* Exercise details: From first line to last, the records below are to be duplicated exactly.

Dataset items
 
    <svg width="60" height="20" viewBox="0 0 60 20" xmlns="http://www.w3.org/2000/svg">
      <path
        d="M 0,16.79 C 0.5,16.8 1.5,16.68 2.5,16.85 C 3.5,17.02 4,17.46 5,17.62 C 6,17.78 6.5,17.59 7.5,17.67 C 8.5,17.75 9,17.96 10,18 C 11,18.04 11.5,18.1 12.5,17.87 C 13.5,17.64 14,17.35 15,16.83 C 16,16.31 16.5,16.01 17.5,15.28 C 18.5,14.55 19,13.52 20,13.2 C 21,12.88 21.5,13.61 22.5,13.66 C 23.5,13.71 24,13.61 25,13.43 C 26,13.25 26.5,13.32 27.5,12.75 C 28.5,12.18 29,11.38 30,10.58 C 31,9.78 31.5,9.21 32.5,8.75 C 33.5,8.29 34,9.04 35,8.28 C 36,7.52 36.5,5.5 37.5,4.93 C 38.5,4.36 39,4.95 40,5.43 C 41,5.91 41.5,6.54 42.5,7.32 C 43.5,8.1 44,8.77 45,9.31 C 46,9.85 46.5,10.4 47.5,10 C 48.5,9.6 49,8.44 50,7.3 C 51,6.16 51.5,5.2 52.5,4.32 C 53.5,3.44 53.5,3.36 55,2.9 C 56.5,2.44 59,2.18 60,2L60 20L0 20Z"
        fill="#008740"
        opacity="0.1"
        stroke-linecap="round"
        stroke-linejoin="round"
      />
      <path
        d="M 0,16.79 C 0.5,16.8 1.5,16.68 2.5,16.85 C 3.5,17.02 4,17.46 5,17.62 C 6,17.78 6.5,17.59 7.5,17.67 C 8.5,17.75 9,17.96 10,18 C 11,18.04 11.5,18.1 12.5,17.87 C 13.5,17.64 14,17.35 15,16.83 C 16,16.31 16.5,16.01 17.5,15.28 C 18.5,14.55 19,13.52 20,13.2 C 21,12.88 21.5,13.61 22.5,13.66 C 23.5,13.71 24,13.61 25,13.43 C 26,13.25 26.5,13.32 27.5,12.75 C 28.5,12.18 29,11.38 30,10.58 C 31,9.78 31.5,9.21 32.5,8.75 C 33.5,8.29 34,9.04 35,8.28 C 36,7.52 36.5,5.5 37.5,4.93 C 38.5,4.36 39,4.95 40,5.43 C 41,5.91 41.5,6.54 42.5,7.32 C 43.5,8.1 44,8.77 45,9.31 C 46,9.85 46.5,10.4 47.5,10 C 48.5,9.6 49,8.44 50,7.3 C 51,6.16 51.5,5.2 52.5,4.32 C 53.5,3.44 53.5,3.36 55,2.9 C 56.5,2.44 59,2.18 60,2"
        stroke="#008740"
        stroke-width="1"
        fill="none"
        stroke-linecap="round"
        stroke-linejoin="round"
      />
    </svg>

* Answer for this exercise:
    <svg width="60" height="20" viewBox="0 0 60 20" xmlns="http://www.w3.org/2000/svg">
      <path
        d="M 0,16.79 C 0.5,16.8 1.5,16.68 2.5,16.85 C 3.5,17.02 4,17.46 5,17.62 C 6,17.78 6.5,17.59 7.5,17.67 C 8.5,17.75 9,17.96 10,18 C 11,18.04 11.5,18.1 12.5,17.87 C 13.5,17.64 14,17.35 15,16.83 C 16,16.31 16.5,16.01 17.5,15.28 C 18.5,14.55 19,13.52 20,13.2 C 21,12.88 21.5,13.61 22.5,13.66 C 23.5,13.71 24,13.61 25,13.43 C 26,13.25 26.5,13.32 27.5,12.75 C 28.5,12.18 29,11.38 30,10.58 C 31,9.78 31.5,9.21 32.5,8.75 C 33.5,8.29 34,9.04 35,8.28 C 36,7.52 36.5,5.5 37.5,4.93 C 38.5,4.36 39,4.95 40,5.43 C 41,5.91 41.5,6.54 42.5,7.32 C 43.5,8.1 44,8.77 45,9.31 C 46,9.85 46.5,10.4 47.5,10 C 48.5,9.6 49,8.44 50,7.3 C 51,6.16 51.5,5.2 52.5,4.32 C 53.5,3.44 53.5,3.36 55,2.9 C 56.5,2.44 59,2.18 60,2L60 20L0 20Z"
        fill="#008740"
        opacity="0.1"
        stroke-linecap="round"
        stroke-linejoin="round"
      />
      <path
        d="M 0,16.79 C 0.5,16.8 1.5,16.68 2.5,16.85 C 3.5,17.02 4,17.46 5,17.62 C 6,17.78 6.5,17.59 7.5,17.67 C 8.5,17.75 9,17.96 10,18 C 11,18.04 11.5,18.1 12.5,17.87 C 13.5,17.64 14,17.35 15,16.83 C 16,16.31 16.5,16.01 17.5,15.28 C 18.5,14.55 19,13.52 20,13.2 C 21,12.88 21.5,13.61 22.5,13.66 C 23.5,13.71 24,13.61 25,13.43 C 26,13.25 26.5,13.32 27.5,12.75 C 28.5,12.18 29,11.38 30,10.58 C 31,9.78 31.5,9.21 32.5,8.75 C 33.5,8.29 34,9.04 35,8.28 C 36,7.52 36.5,5.5 37.5,4.93 C 38.5,4.36 39,4.95 40,5.43 C 41,5.91 41.5,6.54 42.5,7.32 C 43.5,8.1 44,8.77 45,9.31 C 46,9.85 46.5,10.4 47.5,10 C 48.5,9.6 49,8.44 50,7.3 C 51,6.16 51.5,5.2 52.5,4.32 C 53.5,3.44 53.5,3.36 55,2.9 C 56.5,2.44 59,2.18 60,2"
        stroke="#008740"
        stroke-width="1"
        fill="none"
        stroke-linecap="round"
        stroke-linejoin="round"
      />
    </svg>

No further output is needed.